Comparative analysis of real-time multi-view reconstruction of a sign language interpreter

No comments

Abstract

Following the proliferation of smart handheld devices coupled with the launch of HbbTV 2.0 specification there is an emerging trend among broadcaster organisations to enable a higher degree of content accessibility across disabled communities. In this respect, the sign language interpreters play a crucial role in facilitating accessibility to mainstream broadcaster content for the deaf community. Addressing the increasing demand placed on sign language interpreters and current limitations on delivering sign language content complementary to mainstream media, this paper proposes the use of a low-cost 3D studio environment which enables photorealistic reconstruction of human avatars that captures the interpreter while eliminating the background.
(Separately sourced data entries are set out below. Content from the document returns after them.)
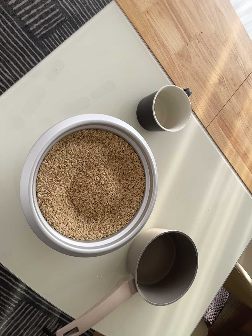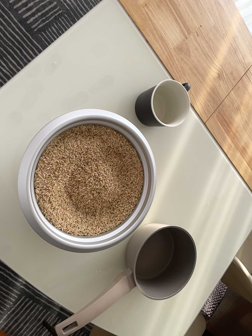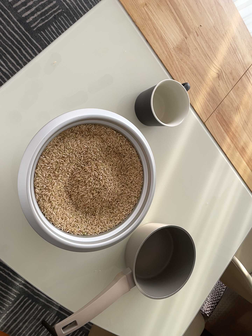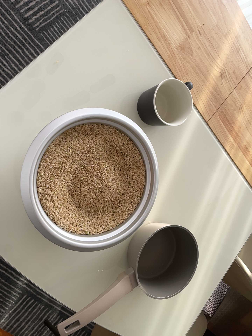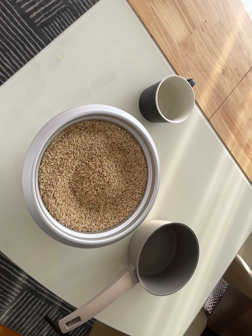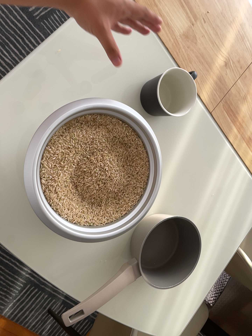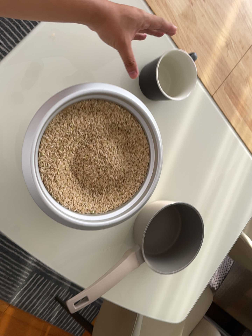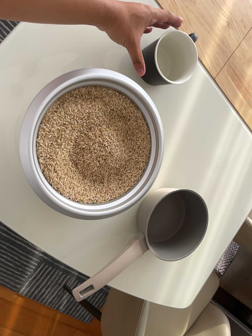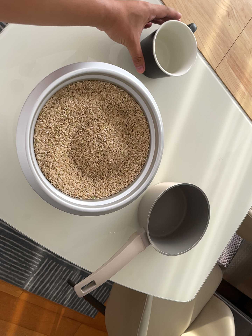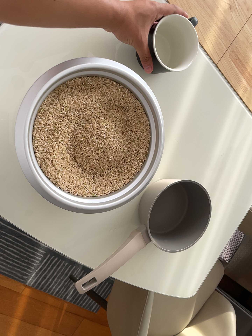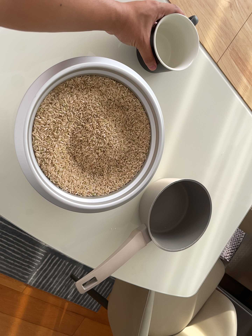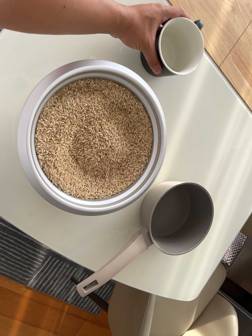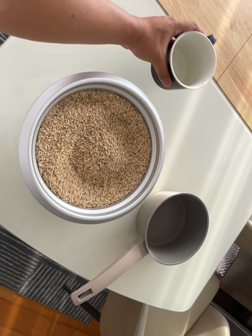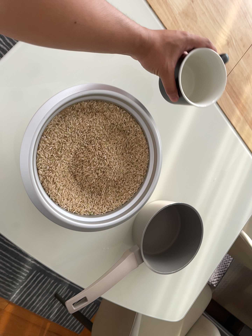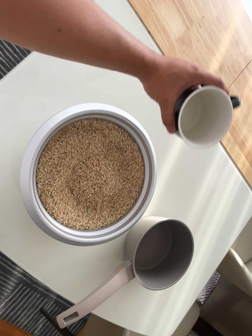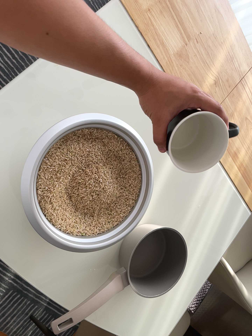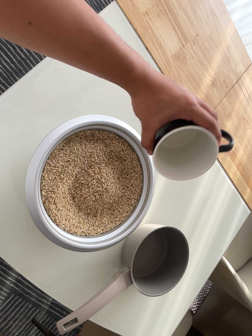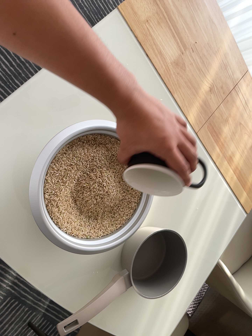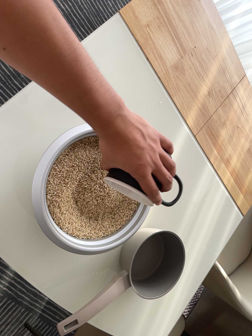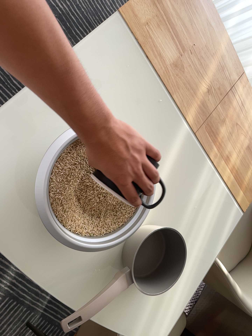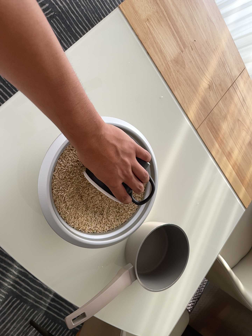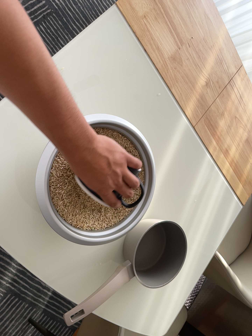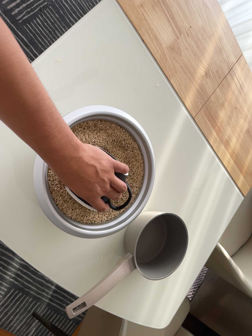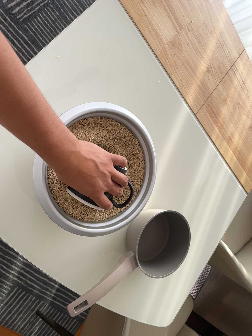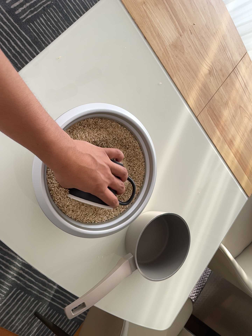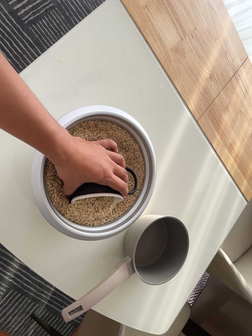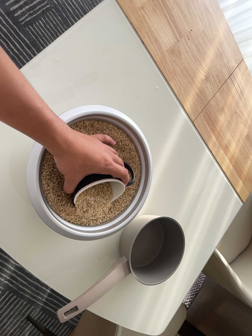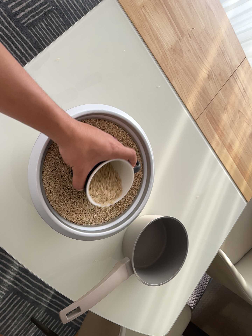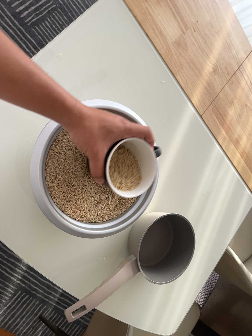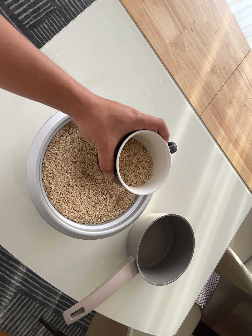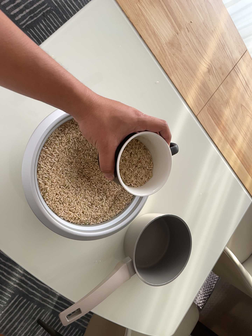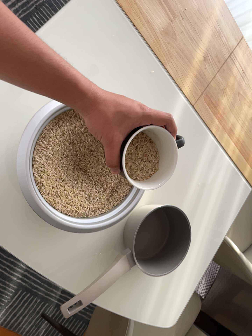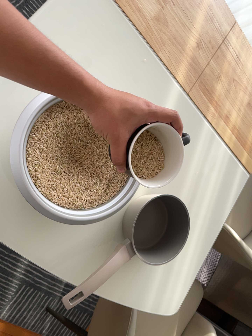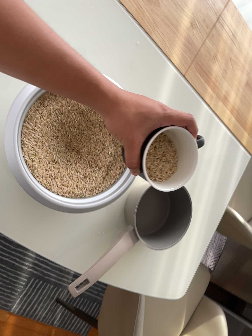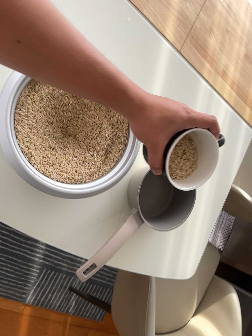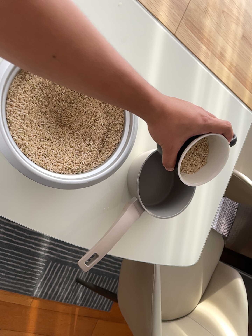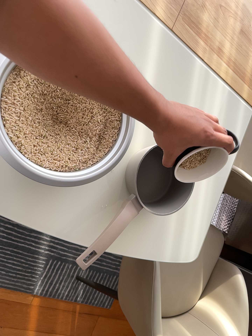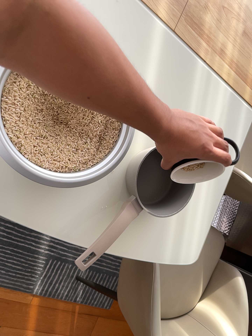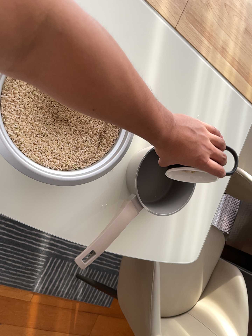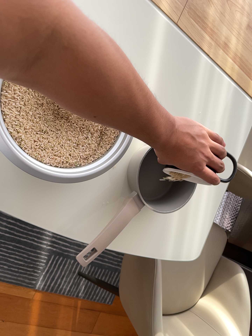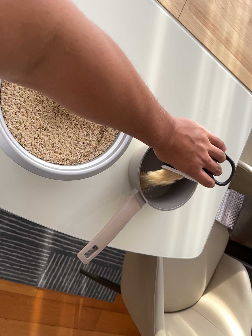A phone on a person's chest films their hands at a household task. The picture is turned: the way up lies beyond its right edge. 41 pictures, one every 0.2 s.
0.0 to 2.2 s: The camera's aim tips toward the bottom of its view by about 10 degrees, and the scene shifts upward.
2.2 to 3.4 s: The camera travels backward and to its left, about 9 cm, so what stands in front gets smaller. Its aim tips toward the top of its view by about 10 degrees, and the scene shifts downward.
3.4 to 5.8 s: The camera shifts only a little, or ends up much as it began.
5.8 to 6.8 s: The camera rolls about its line of sight by about 10 degrees, and the scene rotates counterclockwise.
6.8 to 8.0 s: The camera shifts only a little, or ends up much as it began.
The film runs forward here.
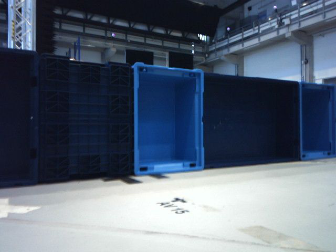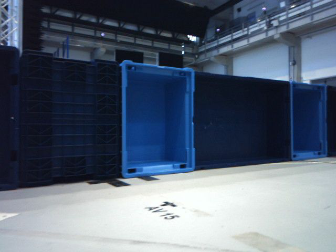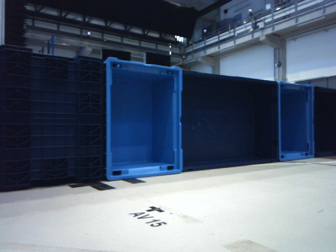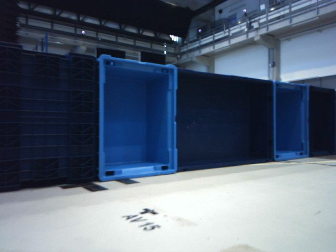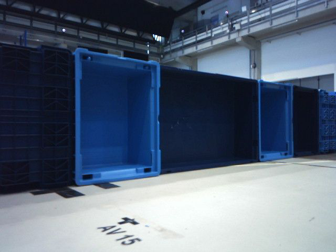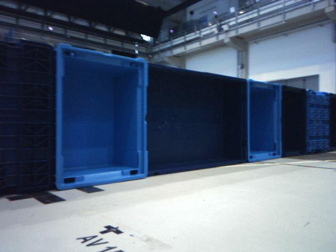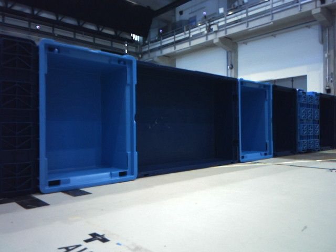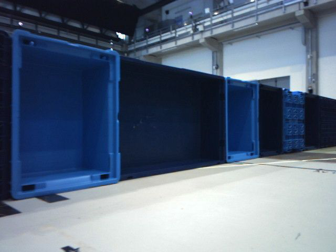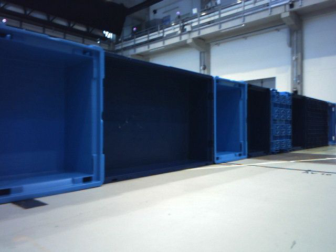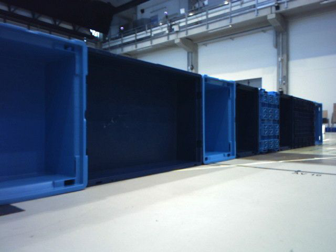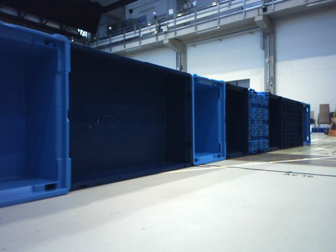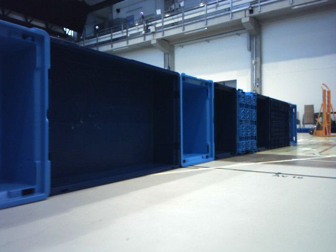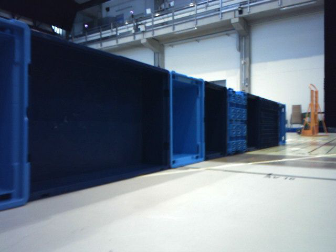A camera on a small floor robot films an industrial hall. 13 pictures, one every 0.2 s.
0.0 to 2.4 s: The camera pans to its right, which is clockwise from overhead, by about 30 degrees. It travels forward, about 0.5 m, so what stands in front looms larger.
The film runs forward here.
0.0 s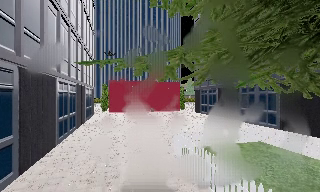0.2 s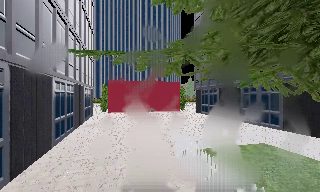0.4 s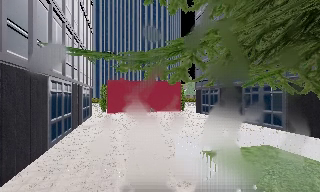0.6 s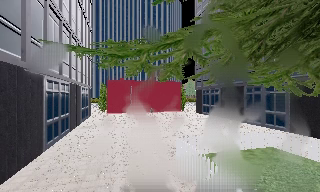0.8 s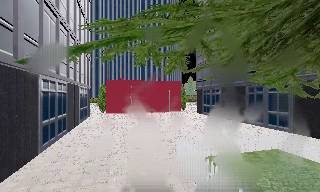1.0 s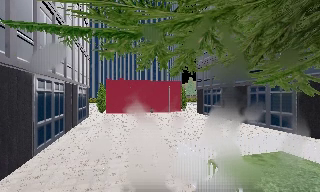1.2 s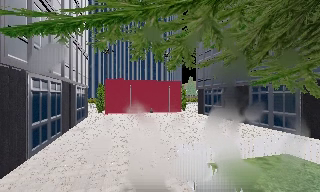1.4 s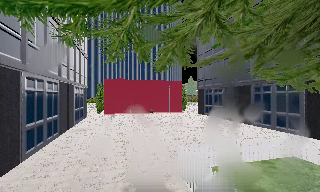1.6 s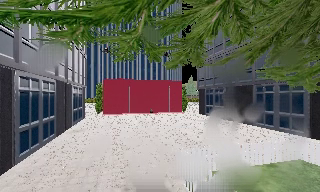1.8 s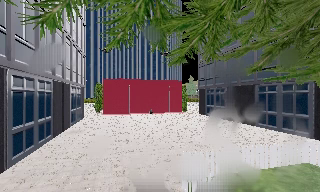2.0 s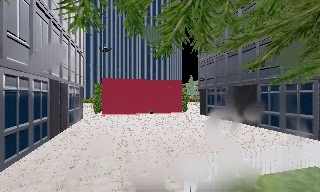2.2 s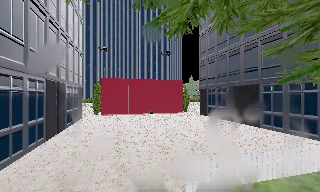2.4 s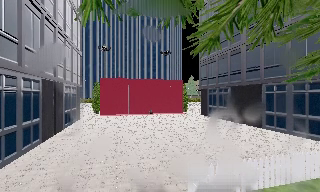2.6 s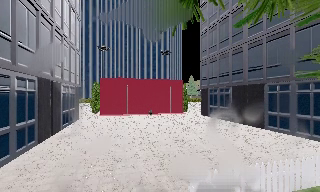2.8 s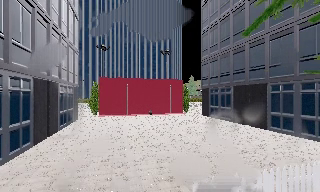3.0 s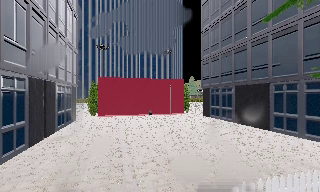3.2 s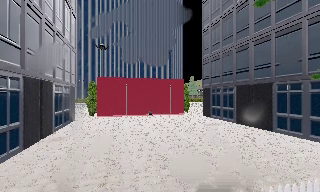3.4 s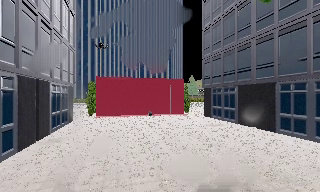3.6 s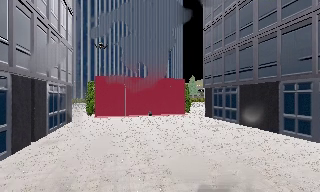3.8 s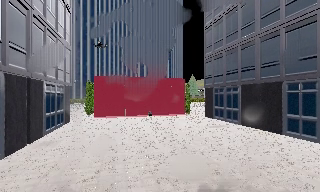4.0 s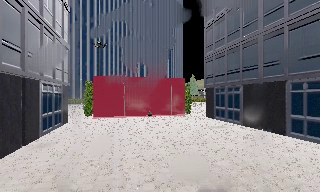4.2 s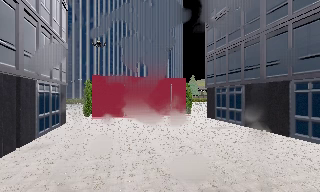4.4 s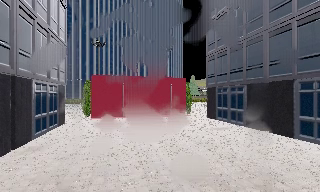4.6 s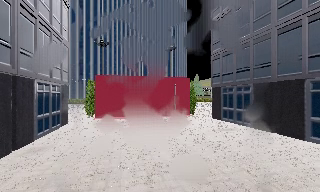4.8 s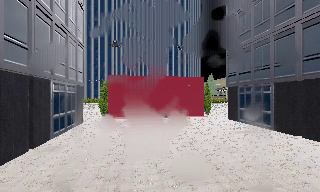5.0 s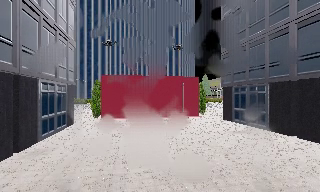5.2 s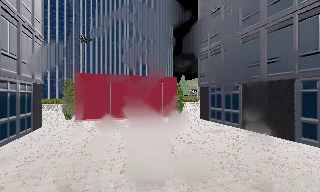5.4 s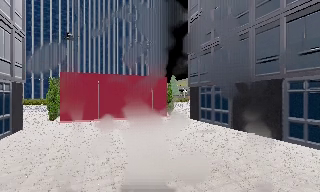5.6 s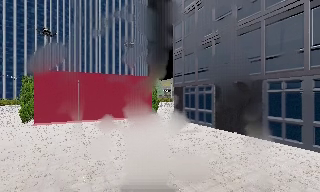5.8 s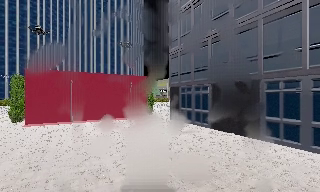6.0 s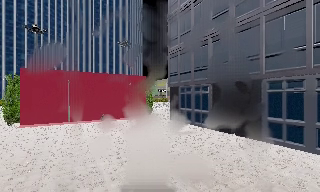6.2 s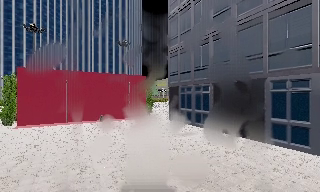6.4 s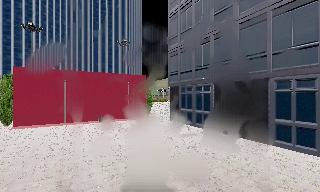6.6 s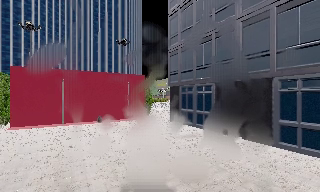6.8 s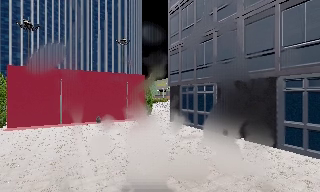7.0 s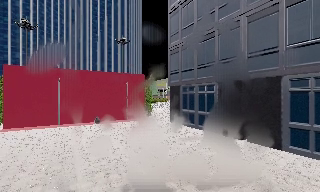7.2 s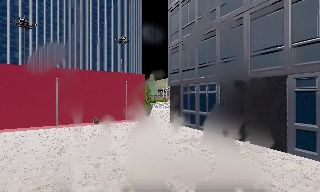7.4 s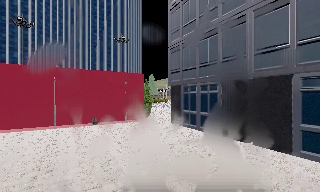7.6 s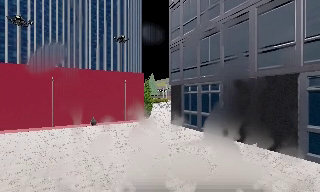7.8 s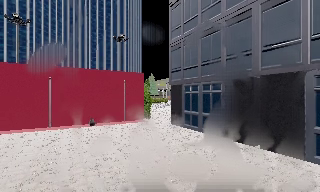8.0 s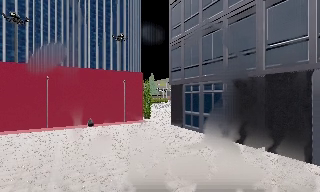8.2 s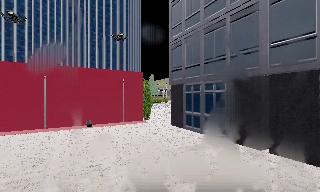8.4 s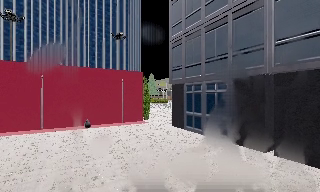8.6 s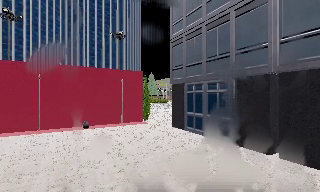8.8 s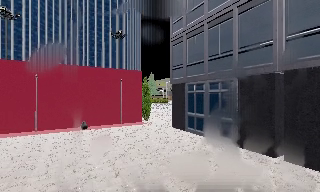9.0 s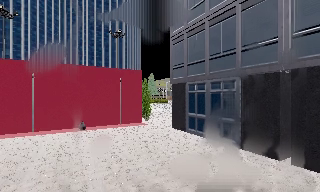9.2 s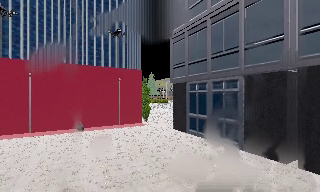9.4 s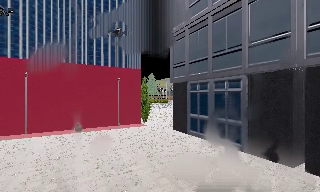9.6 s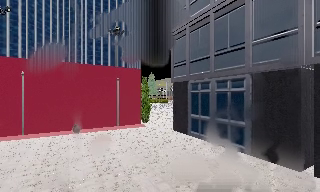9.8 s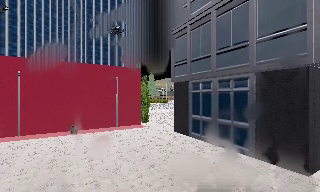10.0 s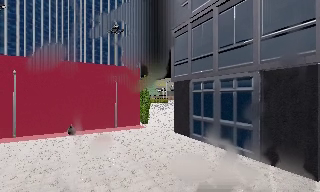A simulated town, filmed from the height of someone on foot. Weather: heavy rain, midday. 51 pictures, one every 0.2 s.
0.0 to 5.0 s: The camera travels forward, about 7 m, so what stands in front looms larger.
5.0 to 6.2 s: The camera swings to its right by about 20 degrees, and the scene slides to the left. It travels forward, about 1.5 m, so what stands in front looms larger.
6.2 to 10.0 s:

The core novelty of the proposed approach relies on the information fusion framework for correlating multisensor RGB-Depth sensors. The performance of the proposed approach for the reconstruction of a sign language interpreter has been evaluated using two low-cost sensors namely Kinect V2 and RealSense D435.

Introduction

In recent years, audio-visual equipment has become pervasive offering everyone accessibility to consume media services through a range of smart devices including mobiles, tablets and large-television sets. Among the global population, approximately 5% suffer from disabled hearing. In 2006 the United Nations adopted the United Nations Convention on the Rights of Persons with Disabilities to explicitly state the need for providing inclusive services and products to persons with disabilities. In particular, the UN Convention states that the right of persons with disabilities to take part on an equal basis with others in cultural life and shall take all appropriate measures to ensure this for persons with disabilities.

Following such recommendations, the Swiss public broadcaster SRG committed themselves via a contract with the national disabilities organisations to provide increased Signing of TV programs by more than 200% to 1000 hours first time signed programs, not counting any reused content. The same trend has been observed in other European countries like Germany (ZDF), Belgium (VRT) and the UK (BBC) while a shared agreement between disability organisations and the European Broadcasting Union (EBU) was released in 2017. In addition, with the expected launch of new technologies such as HbbTV 2.0 CSS, there is an emerging trend towards delivering accessible content across handheld devices, thus facilitating new services that are aimed to enhance the experience of members within the deaf community. While the delivery of existing services relies on the traditional use of high-end studio environments and capture setups that allow post-production tools to synchronise the mainstream content with the sign language interpretation of the content.

Among the several challenges to be considered are the topics of multi-view sensing for robust aggregation of depth maps from multi-view sensing hardware. The disadvantage of single-view 3-D reconstruction techniques that allow to obtain digital objects only from single viewpoint leads to the usage of multiple RGB-Depth (RGB-D) sensors such as the Microsoft Kinect and Intel’s Realsense. At the current state, for the signing of these programs additional studio resources need to be organised: studio, lighting, mixer operations, streaming setup, as well as the organisational efforts in term of resources and manpower. This infrastructure and process are cost-intensive and can reach up to a thousand euros per hour of signing. The current way of producing signed content for a broadcaster is via a dedicated studio created at the broadcaster premise, which includes professional lighting, a professional camera, a special background for the signer (to later create overlay effects via Chroma Key) and screens that reproduce the original content to be signed and the subtitles or scene description.

In contrast, the emergence of 3D representation techniques facilitates the development of a user-centric reconstruction framework based on low-cost sensors. Therefore, in this paper addressing the need of photorealistic reconstruction of a sign language interpreter that remains independent of the environment (thus eliminating the need of high-cost studio setup), a multi-view reconstruction system is presented that includes an information fusion framework to synchronise the data captured from multiple RGB-D sensors. In order to facilitate an objective assessment of the overall algorithm, three low-cost sensors are interfaced with the algorithm, which differs only in the aggregation stage of the data capture.